Heterochromatin protein 1γ deficiency decreases histone H3K27 methylation in mouse neurosphere neuronal genes

Heterochromatin protein (HP) 1 gamma, a component of heterochromatin in eukaryotes, is involved in H3K9 methylation. Although HP1 gamma is expressed strongly in neural tissues and neural stem cells, its functions are unclear. To elucidate the roles of HP1 gamma, we analyzed HP1 gamma -deficient (HP1 gamma KO) mouse embryonic neurospheres and determined that HP1 gamma KO neurospheres tended to differentiate after quaternary culture. Several genes normally expressed in neuronal cells were upregulated in HP1 gamma KO undifferentiated neurospheres, but not in the wild type (WT).

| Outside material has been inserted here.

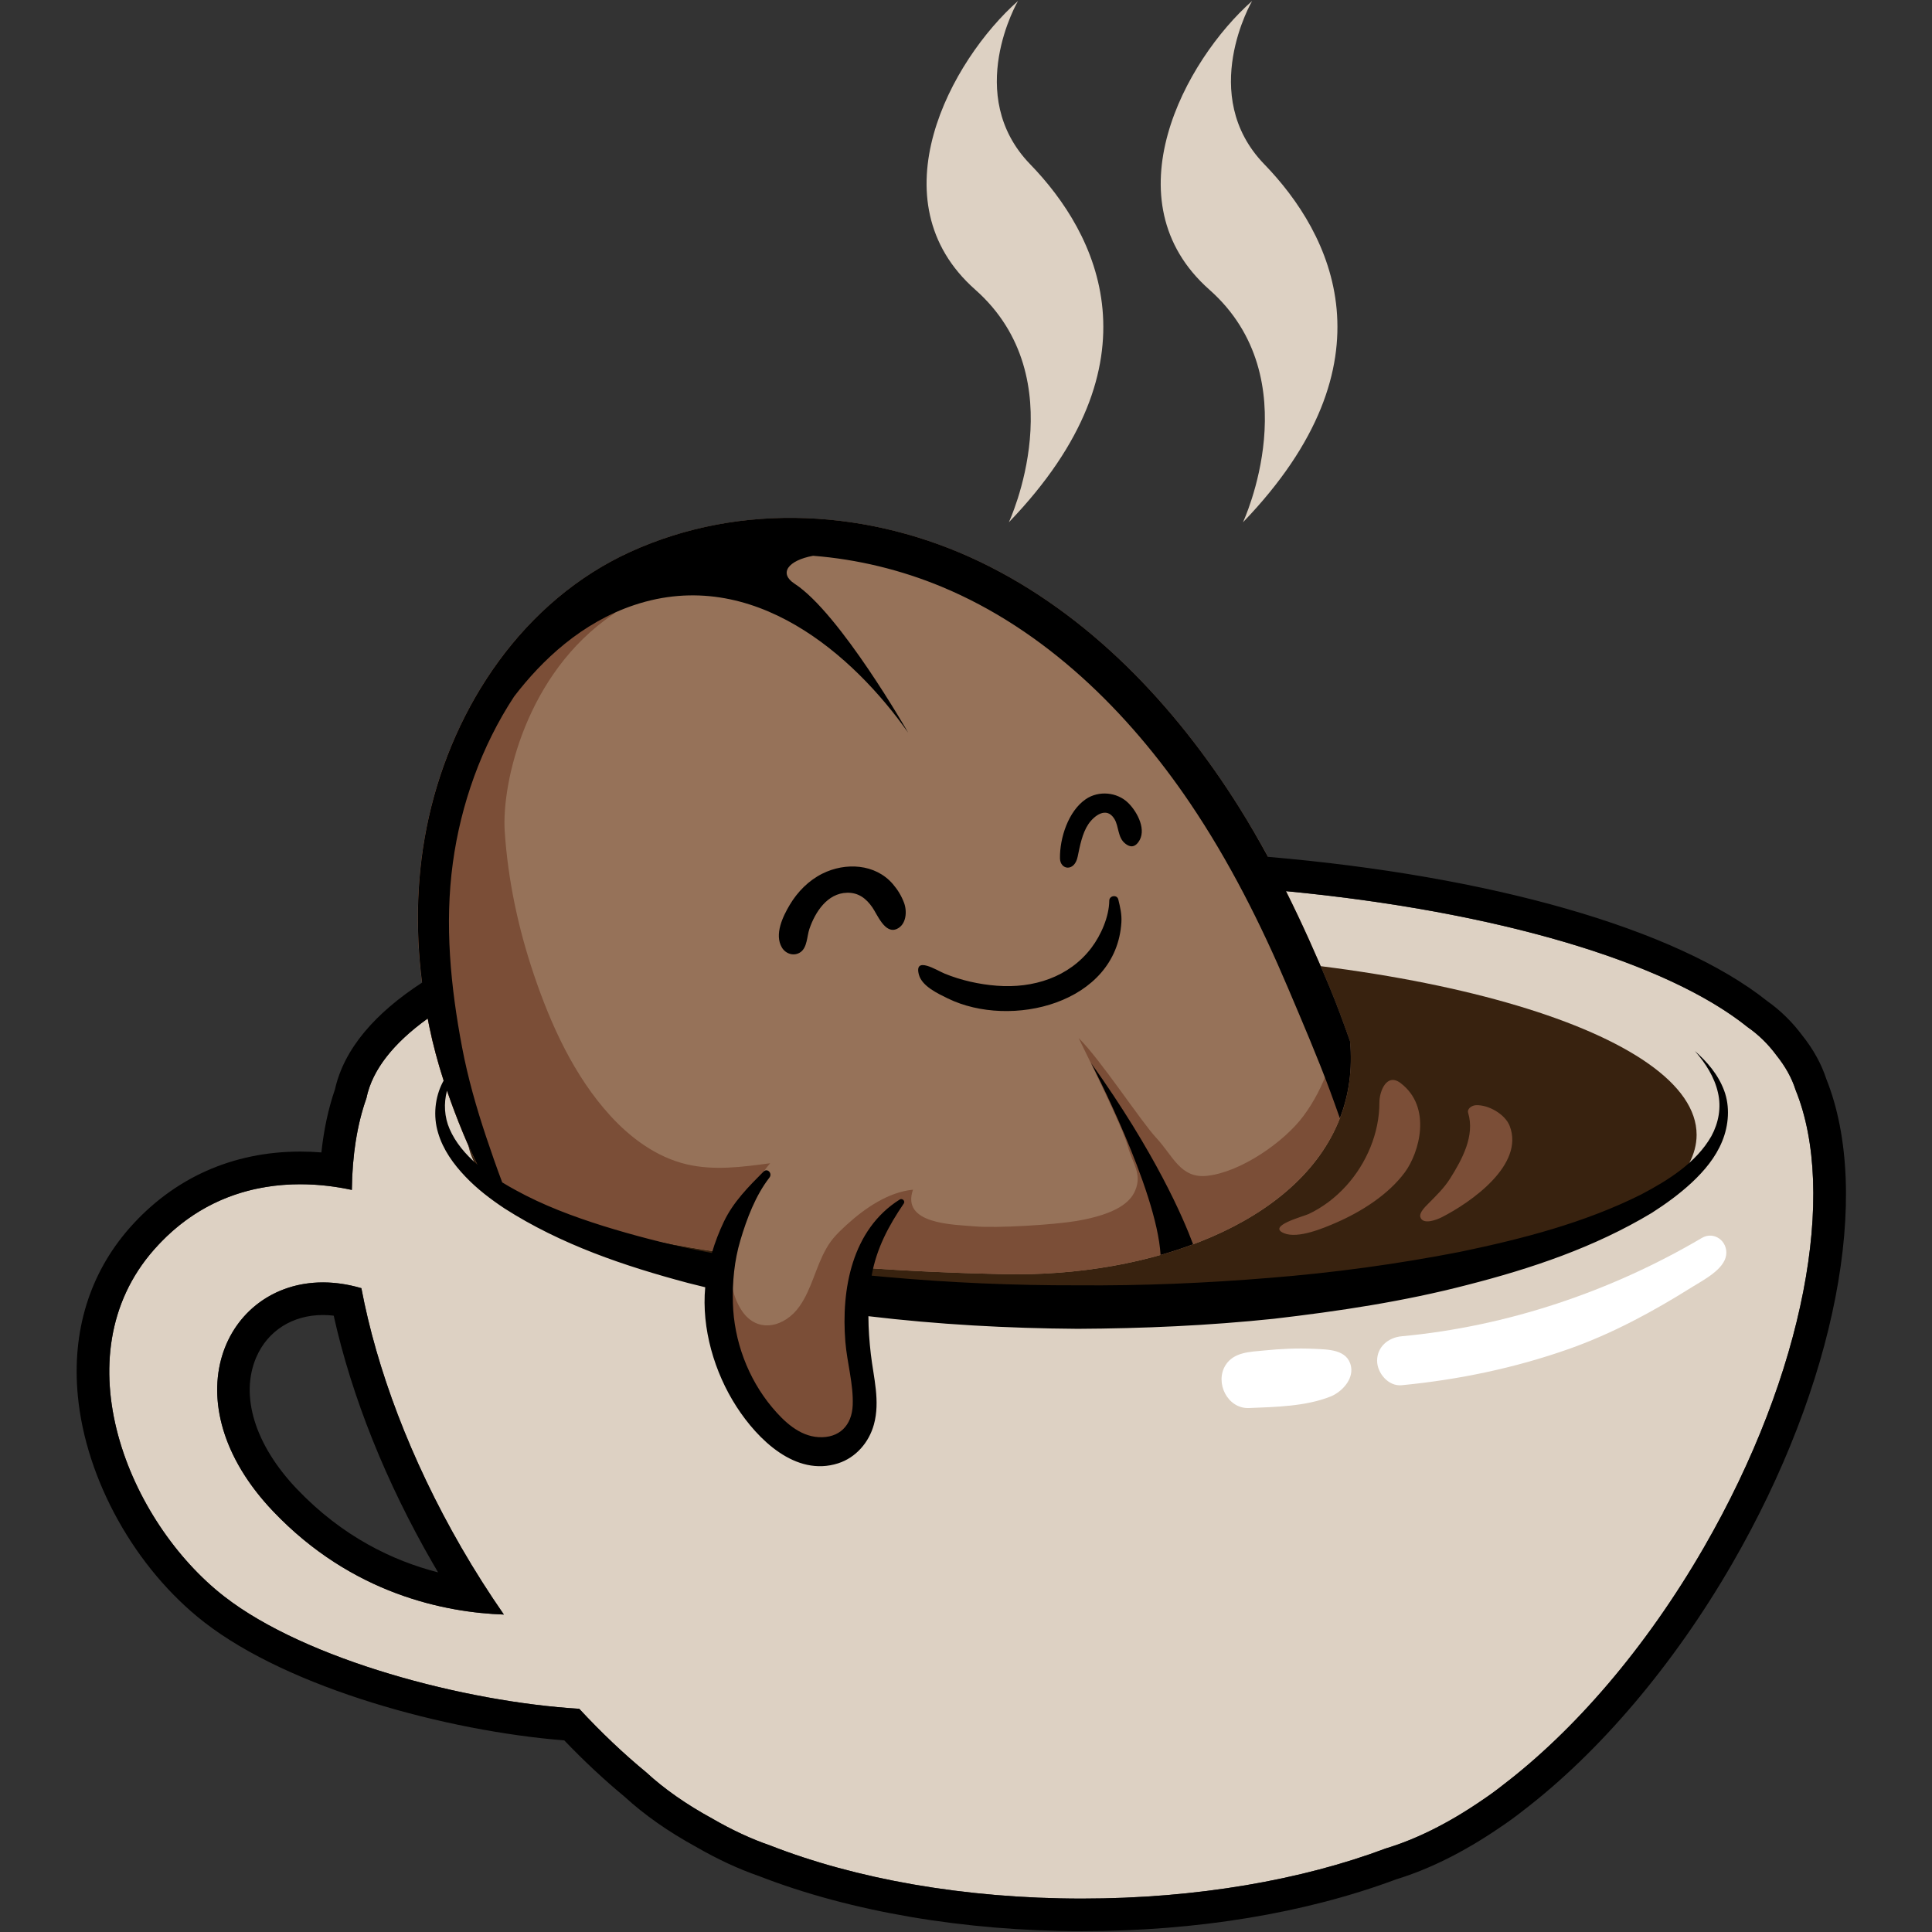 <svg xmlns="http://www.w3.org/2000/svg" xmlns:xlink="http://www.w3.org/1999/xlink" width="1080" zoomAndPan="magnify" viewBox="0 0 810 810" height="1080" preserveAspectRatio="xMidYMid meet" version="1.0"><rect x="0" y="0" width="810" height="810" fill="#333333" stroke="none"/><defs><g/><clipPath id="60439ddc0e"><rect x="0" width="430" y="0" height="90"/></clipPath><clipPath id="27f514e692"><rect x="0" width="279" y="0" height="48"/></clipPath></defs><path fill="#ddd1c3" d="M 752.793 456.973 C 751.25 452.023 748.535 447.172 744.77 442.457 C 741.312 437.801 737.277 433.828 732.66 430.625 C 688.215 394.887 580.059 369.633 453.613 369.633 C 294.184 369.633 163.805 409.746 153.613 460.461 C 149.695 471.508 147.68 484.48 147.516 498.879 C 128.703 494.773 92.387 492.324 64.555 523.941 C 25.297 568.531 53.844 638.105 94.004 669.32 C 128.305 695.996 195.168 713.539 242.852 716.418 C 252.066 726.352 261.473 735.262 270.906 743.035 C 278.457 750.02 287.73 756.5 298.488 762.371 C 306.809 767.191 315.016 771.016 322.965 773.742 C 358.453 787.637 403.973 795.988 453.613 795.988 C 501.754 795.988 545.996 788.113 581.008 774.961 C 593.707 771.133 607.09 764.461 620.637 755.238 C 623.988 753.012 627.18 750.73 630.129 748.355 C 659.922 725.609 689.875 691.191 714.355 648.797 C 756.711 575.469 770.301 499.902 752.793 456.973 Z M 114.535 633.645 C 65.445 582.082 100.918 525.141 151.508 540.074 C 157.902 573.867 171.953 611.609 193.418 648.797 C 199.086 658.613 205.066 667.984 211.25 676.898 C 186.789 676.039 147.664 668.445 114.535 633.645 Z M 524.957 0.398 C 524.957 0.398 501.918 39.828 530.078 68.879 C 558.234 97.93 585.742 151.875 521.117 218.977 C 521.117 218.977 549.273 158.801 507.035 121.445 C 464.828 84.094 496.812 25.297 524.957 0.398 Z M 426.805 0.398 C 426.805 0.398 403.762 39.828 431.922 68.879 C 460.082 97.93 487.586 151.875 422.961 218.977 C 422.961 218.977 451.121 158.801 408.883 121.445 C 366.645 84.094 398.66 25.297 426.805 0.398 Z M 426.805 0.398 " fill-opacity="1" fill-rule="nonzero"/><path fill="#38220f" d="M 711.312 475.777 C 711.312 433.41 595.949 399.07 453.629 399.07 C 311.305 399.07 195.941 433.41 195.941 475.777 C 195.941 483.961 200.289 491.836 208.27 499.234 C 250.434 527.988 344.391 548.023 453.629 548.023 C 562.863 548.023 656.82 527.988 698.984 499.234 C 706.965 491.852 711.312 483.961 711.312 475.777 Z M 711.312 475.777 " fill-opacity="1" fill-rule="nonzero"/><path fill="#ffffff" d="M 723.699 526.195 C 722.855 532.305 713.938 536.766 709.207 539.734 C 693.02 549.891 675.883 559.16 657.828 565.535 C 635.145 573.543 611.555 578.449 587.625 580.766 C 582.078 581.297 577.359 575.633 577.359 570.504 C 577.359 564.602 582.105 560.762 587.625 560.242 C 631.793 556.148 675.336 541.512 713.508 519.016 C 718.656 515.992 724.504 520.426 723.699 526.195 Z M 566.559 574.238 C 566.543 573.781 566.5 573.32 566.41 572.859 C 564.957 565.641 556.707 565.801 550.965 565.504 C 543.949 565.148 536.902 565.504 529.914 566.203 C 524.066 566.781 517.258 566.84 513.801 572.371 C 509.219 579.711 514.648 590.699 523.637 590.328 C 534.633 589.883 547.492 589.645 557.836 585.496 C 562.078 583.805 566.676 579.25 566.559 574.238 Z M 566.559 574.238 " fill-opacity="1" fill-rule="nonzero"/><path fill="#967259" d="M 566.008 436.602 C 563.324 429.008 560.566 421.445 557.449 413.941 C 546.617 387.859 534.453 362.266 519.41 338.332 C 492.75 295.922 456.625 257.527 410.973 235.598 C 365.16 213.594 310.98 210.078 264.23 231.402 C 219.59 251.777 190.23 295.785 179.754 342.766 C 173.301 371.711 174.012 401.293 179.961 430.238 C 183.121 445.629 188.184 460.637 194.176 475.125 C 196.965 481.871 200.082 488.352 203.375 494.715 C 206.043 496.566 209.012 498.332 212.188 500.035 C 233.27 511.367 265.18 519.656 303.414 525.273 C 299.348 542.996 300.922 562.852 307.879 578.051 C 320.668 606.004 340.887 613.43 354.879 605.41 C 368.867 597.387 359.047 580.438 358.75 548.926 C 358.691 542.387 359.566 536.574 360.992 531.445 C 380.309 532.852 400.453 533.773 421.062 534.203 C 482.336 535.492 544.586 513.07 561.75 468.852 C 565.504 459.141 567.078 448.387 566.008 436.602 Z M 566.008 436.602 " fill-opacity="1" fill-rule="nonzero"/><path fill="#7b4e37" d="M 561.738 468.852 C 544.57 513.07 482.32 535.492 421.047 534.203 C 400.441 533.773 380.293 532.852 360.977 531.43 C 359.551 536.559 358.66 542.371 358.734 548.91 C 359.031 580.422 368.855 597.371 354.863 605.395 C 340.887 613.418 320.652 605.988 307.863 578.035 C 300.906 562.82 299.363 542.965 303.457 525.23 C 265.227 519.625 233.254 511.367 212.156 500.023 C 208.98 498.316 206.016 496.551 203.344 494.699 C 200.051 488.32 196.934 481.855 194.145 475.109 C 188.152 460.609 183.094 445.602 179.934 430.223 C 173.984 401.277 173.273 371.695 179.727 342.75 C 186.074 314.277 199.398 286.934 218.832 265.238 C 254.602 245.207 263.016 253.512 256.844 257.691 C 220.703 282.219 210.258 328.188 211.609 348.594 C 212.973 369.086 217.273 389.207 223.848 408.664 C 230.984 429.766 240.699 451.133 255.848 467.738 C 264.395 477.113 275.312 485.18 287.82 488.129 C 299.391 490.871 311.23 489.258 322.891 487.699 C 319.586 491.66 316.676 495.945 314.242 500.496 C 314.273 500.469 314.289 500.422 314.316 500.395 C 311.797 505.109 309.762 510.074 308.383 515.234 C 307.508 518.5 306.855 522.043 306.484 525.676 C 306.469 525.676 306.453 525.676 306.438 525.676 C 305.594 534.023 306.512 542.832 311.066 549.594 C 317.656 559.367 329.125 556.355 335.223 547.652 C 340.324 540.387 342.016 531.176 346.379 523.539 C 346.422 523.453 346.48 523.363 346.527 523.273 C 346.762 522.871 347 522.488 347.238 522.086 C 347.371 521.879 347.504 521.672 347.652 521.465 C 347.863 521.152 348.055 520.855 348.277 520.559 C 348.5 520.262 348.723 519.965 348.961 519.672 C 349.121 519.461 349.285 519.238 349.465 519.031 C 349.895 518.527 350.34 518.023 350.801 517.535 C 351.258 517.059 351.75 516.586 352.223 516.098 C 352.445 515.875 352.684 515.652 352.922 515.43 C 353.172 515.191 353.41 514.953 353.664 514.719 C 353.988 514.406 354.328 514.094 354.672 513.781 C 354.805 513.664 354.938 513.531 355.07 513.414 C 362.773 506.398 372.547 499.785 382.785 498.777 C 377.668 513.324 399.863 513.383 408.527 514.152 C 417.977 514.984 441.742 513.5 451.133 511.93 C 468.316 509.039 473.895 503.906 475.895 499.223 C 478.969 492.059 474.797 487.832 472.809 480.492 C 470.66 472.531 455.824 442.648 452.246 435.223 C 461.164 443.91 478.434 470.262 484.781 477.066 C 491.801 484.586 494.887 494.148 506.012 492.977 C 520.152 491.48 538.445 478.758 546.516 467.828 C 555.477 455.699 559.777 441.789 561.691 427.004 C 561.766 426.457 561.812 425.895 561.871 425.344 C 563.281 429.098 564.629 432.863 565.965 436.629 C 567.078 448.387 565.504 459.141 561.738 468.852 Z M 588.961 491.539 C 582.031 500.883 570.816 507.969 560.312 512.551 C 554.926 514.895 544.188 519.461 538.324 517.031 C 530.996 513.992 546.469 510.016 548.695 508.965 C 554.645 506.145 559.973 502.055 564.391 497.176 C 572.996 487.684 578.352 474.918 578.324 462.18 C 578.309 457.715 581.289 449.633 587.18 454.066 C 600.562 464.195 595 483.398 588.961 491.539 Z M 632.934 472.039 C 631.035 467.133 623.988 463.082 618.75 463.367 C 617.031 463.453 615.012 464.848 615.531 466.582 C 618.395 476.09 613.113 485.949 607.938 494.148 C 605.383 498.184 602.164 501.238 598.855 504.605 C 597.699 505.777 594.867 508.414 595.504 510.328 C 596.629 513.664 602.461 511.352 604.449 510.344 C 616.602 504.16 639.285 488.383 632.934 472.039 Z M 632.934 472.039 " fill-opacity="1" fill-rule="nonzero"/><path fill="#000000" d="M 151.508 540.074 C 145.914 538.43 140.516 537.656 135.395 537.656 C 94.121 537.656 70.875 587.793 114.535 633.656 C 147.664 668.461 186.789 676.055 211.25 676.914 C 205.066 667.984 199.086 658.629 193.418 648.812 C 171.938 611.621 157.887 573.867 151.508 540.074 Z M 124.445 624.227 C 106.879 605.781 100.516 585.168 107.43 569.078 C 112.191 557.957 122.637 551.328 135.395 551.328 C 136.879 551.328 138.379 551.418 139.906 551.598 C 147.473 585.613 161.773 621.379 181.566 655.633 C 182.262 656.836 182.961 658.035 183.672 659.223 C 164.668 654.359 143.48 644.215 124.445 624.227 Z M 765.672 452.316 C 763.641 446.074 760.258 439.949 755.613 434.109 C 751.387 428.445 746.43 423.582 740.867 419.664 C 702.617 389.18 624.613 367.203 531.621 359.238 C 527.746 352.152 523.711 345.152 519.41 338.316 C 492.75 295.906 456.625 257.516 410.973 235.582 C 365.16 213.578 310.98 210.062 264.23 231.387 C 219.59 251.762 190.23 295.773 179.754 342.75 C 174.652 365.629 174.043 388.926 176.949 411.969 C 157.262 424.766 144.223 439.715 140.426 456.754 C 137.664 464.758 135.766 473.598 134.742 483.16 C 131.773 482.926 128.824 482.805 125.887 482.805 C 97.52 482.805 72.758 493.898 54.285 514.879 C 37.566 533.906 30.074 558.18 32.625 585.137 C 35.949 620.402 56.75 657.68 85.621 680.117 C 121.359 707.906 187.379 725.742 236.578 729.672 C 244.871 738.332 253.387 746.281 261.93 753.34 C 270.164 760.902 280.211 767.945 291.781 774.277 C 300.758 779.469 309.66 783.605 318.262 786.57 C 356.406 801.445 404.461 809.645 453.613 809.645 C 501.785 809.645 547.348 802.125 585.398 787.906 C 599.273 783.664 613.707 776.473 628.336 766.523 C 631.926 764.137 635.41 761.629 638.559 759.121 C 670.738 734.508 701.863 697.762 726.207 655.617 C 769.633 580.469 785.094 500.762 765.672 452.316 Z M 714.355 648.797 C 689.875 691.191 659.922 725.609 630.129 748.355 C 627.164 750.715 623.988 753 620.637 755.238 C 607.09 764.461 593.707 771.133 581.008 774.961 C 546.012 788.113 501.77 795.988 453.613 795.988 C 403.984 795.988 358.469 787.637 322.965 773.742 C 315 771.016 306.809 767.203 298.488 762.371 C 287.746 756.5 278.457 750.004 270.906 743.035 C 261.473 735.277 252.066 726.367 242.852 716.418 C 195.168 713.539 128.305 695.996 94.004 669.32 C 53.844 638.105 25.297 568.531 64.555 523.941 C 83.797 502.082 107.102 496.508 125.871 496.508 C 134.238 496.508 141.715 497.621 147.516 498.879 C 147.664 484.48 149.699 471.508 153.613 460.461 C 156.004 448.609 164.977 437.34 179.324 427.02 C 179.531 428.09 179.727 429.156 179.949 430.223 C 181.535 437.934 183.582 445.543 186 453.043 C 185.883 453.266 185.75 453.477 185.629 453.711 C 182.352 460 181.52 467.859 183.672 474.945 C 185.762 482.066 190.184 488.129 195.094 493.273 C 200.035 498.48 205.703 502.781 211.547 506.664 C 235.27 521.836 261.812 530.793 288.398 537.879 C 290.816 538.504 293.234 539.094 295.668 539.688 C 294.066 556.934 299.512 575.41 308.812 589.793 C 317.598 603.391 333.469 619.246 351.391 613.504 C 358.883 611.102 364.359 604.668 366.391 597.223 C 369.078 587.406 366.242 577.547 365.102 567.746 C 364.492 562.539 364.105 557.188 364.078 551.82 C 393.199 555.305 422.531 556.906 451.801 557.113 C 479.25 556.98 506.711 555.762 534.039 552.902 C 561.32 549.727 588.574 545.637 615.281 538.68 C 641.941 531.859 668.438 522.992 692.484 508.535 C 698.391 504.754 704.117 500.613 709.324 495.766 C 714.488 490.934 719.266 485.297 722.039 478.477 C 724.812 471.742 725.363 463.883 722.84 457.184 C 720.332 450.465 715.676 445.098 710.586 440.648 C 715.051 445.734 718.805 451.605 720.23 457.969 C 721.773 464.301 720.496 470.824 717.516 476.312 C 711.238 487.387 699.594 494.727 688.094 500.777 C 664.445 512.625 638.289 519.418 612.133 524.844 C 585.844 529.977 559.199 533.609 532.406 535.746 C 505.629 537.953 478.73 539.094 451.848 538.875 C 424.949 538.945 398.066 537.777 371.301 535.359 C 369.344 535.195 367.402 535.004 365.441 534.824 C 365.457 534.766 365.457 534.691 365.473 534.633 C 367.547 523.305 372.52 513.977 378.93 504.559 C 379.625 503.535 378.262 502.246 377.25 502.883 C 357.117 515.52 352.652 540.578 354.418 562.523 C 355.133 571.332 357.848 580.289 357.504 589.113 C 357.164 597.641 351.867 603.023 343.188 602.531 C 335.102 602.074 328.648 595.934 323.723 590.047 C 313.562 577.918 307.688 562.066 307.27 546.289 C 307.031 537.434 307.863 528.566 310.387 520.07 C 313.07 510.996 316.766 501.207 322.598 493.703 C 323.945 491.969 321.75 489.555 320.102 491.215 C 313.738 497.605 307.434 503.953 303.516 512.137 C 301.484 516.395 299.777 520.812 298.457 525.32 C 296.203 524.891 293.934 524.461 291.676 524 C 278.562 521.301 265.609 517.934 252.895 513.992 C 240.211 510 227.691 505.316 216.191 498.969 C 214.277 497.945 212.41 496.848 210.555 495.723 C 208.18 489.391 205.957 483.012 203.832 476.668 C 199.738 464.402 196.133 451.801 193.73 439.09 C 188.91 413.66 186.344 387.547 189.859 361.758 C 193.195 337.234 201.848 312.84 215.555 292.004 C 227.23 276.746 243.848 261.027 265.938 253.66 C 315.906 237.008 358.145 275.07 380.754 307.176 C 380.754 307.176 352.148 257.086 333.16 244.746 C 326.348 240.328 330.457 234.945 340.887 233.016 C 359.465 234.457 377.859 238.965 394.742 245.977 C 437.977 263.922 472.945 298.309 498.848 336.594 C 515.316 360.945 528.621 387.355 540.078 414.387 C 546.086 428.578 552.242 442.902 557.613 457.332 C 559.035 461.141 560.371 464.98 561.738 468.809 C 565.504 459.109 567.078 448.344 566.008 436.555 C 563.324 428.965 560.566 421.402 557.449 413.898 C 551.797 400.27 545.758 386.789 539.156 373.609 C 627.387 382.059 698.672 403.25 732.676 430.594 C 737.305 433.797 741.34 437.758 744.781 442.426 C 748.551 447.145 751.25 451.992 752.809 456.945 C 770.301 499.902 756.711 575.469 714.355 648.797 Z M 187.41 457.227 C 189.473 463.277 191.742 469.238 194.176 475.125 C 196.031 479.617 198.047 483.977 200.141 488.277 C 200.094 488.234 200.051 488.203 200.008 488.16 C 195.156 483.961 190.957 479.023 188.477 473.285 C 186.328 468.316 185.957 462.641 187.41 457.227 Z M 397.34 418.582 C 393.215 416.566 386.582 413.496 385.262 408.676 C 383.066 400.582 392.859 406.883 396.004 408.172 C 402.902 411.004 410.527 412.711 417.961 413.273 C 433.078 414.445 448.184 409.773 457.59 397.363 C 461.609 392.039 464.992 384.344 465.066 377.598 C 465.094 375.445 468.328 374.957 468.848 377.094 C 469.648 380.371 470.348 383.262 470.152 386.641 C 468.094 420.836 423.719 431.512 397.34 418.582 Z M 379.047 378.559 C 380.352 382.09 380.027 387.637 376.004 389.461 C 371.035 391.715 367.859 383.5 365.754 380.445 C 363.156 376.676 359.895 374.172 355.133 374.289 C 346.836 374.484 341.75 382.414 339.344 389.461 C 338.32 392.469 338.457 397.109 335.711 399.129 C 333.039 401.086 329.449 400.004 327.816 397.258 C 324.555 391.773 328.219 384.195 331.125 379.332 C 334.391 373.859 339.047 369.145 344.777 366.281 C 354.434 361.465 366.969 362.086 374.328 370.641 C 376.375 373.031 377.934 375.578 379.047 378.559 Z M 444.398 359.848 C 444.281 351.379 447.855 340.082 455.242 335.039 C 460.645 331.359 468.359 332.059 473.004 336.625 C 474.961 338.539 477.008 341.52 478.031 344.633 C 479.012 347.582 479.055 350.684 477.23 353.113 C 475.035 356.051 472.797 354.492 471.684 353.605 C 468.551 351.098 469.145 346.5 467.215 343.344 C 463.879 337.887 458.625 342.082 456.281 345.566 C 453.73 349.379 452.75 354.672 451.816 359.164 C 450.496 365.629 444.473 364.738 444.398 359.848 Z M 457.484 445.75 C 484.398 483.414 496.086 510.578 500.211 521.672 C 495.789 523.316 491.234 524.816 486.578 526.137 C 484.93 498.48 457.484 445.75 457.484 445.75 Z M 457.484 445.75 " fill-opacity="1" fill-rule="nonzero"/></svg>

Compared to that in the control neurospheres, the occupancy of H3K27me3 was lower around the transcription start sites (TSSs) of these genes in HP1 gamma KO neurospheres, while H3K9me2/3, H3K4me3, and H3K27ac amounts remained unchanged. Moreover, amounts of the H3K27me2/3 demethylases, UTX, and JMJD3, were increased around the TSSs of these genes. Treatment with GSK-J4, an inhibitor of H3K27 demethylases, decreased the expression of genes upregulated in HP1 gamma KO neurospheres, along with an increase of H3K27me3 amounts. Therefore, in murine neurospheres, HP1 gamma protected the promoter sites of differentiated cell-specific genes against H3K27 demethylases to repress the expression of these genes. A better understanding of central cellular processes such as histone methylation will help elucidate critical events such as cell-specific gene expression, epigenetics, and differentiation.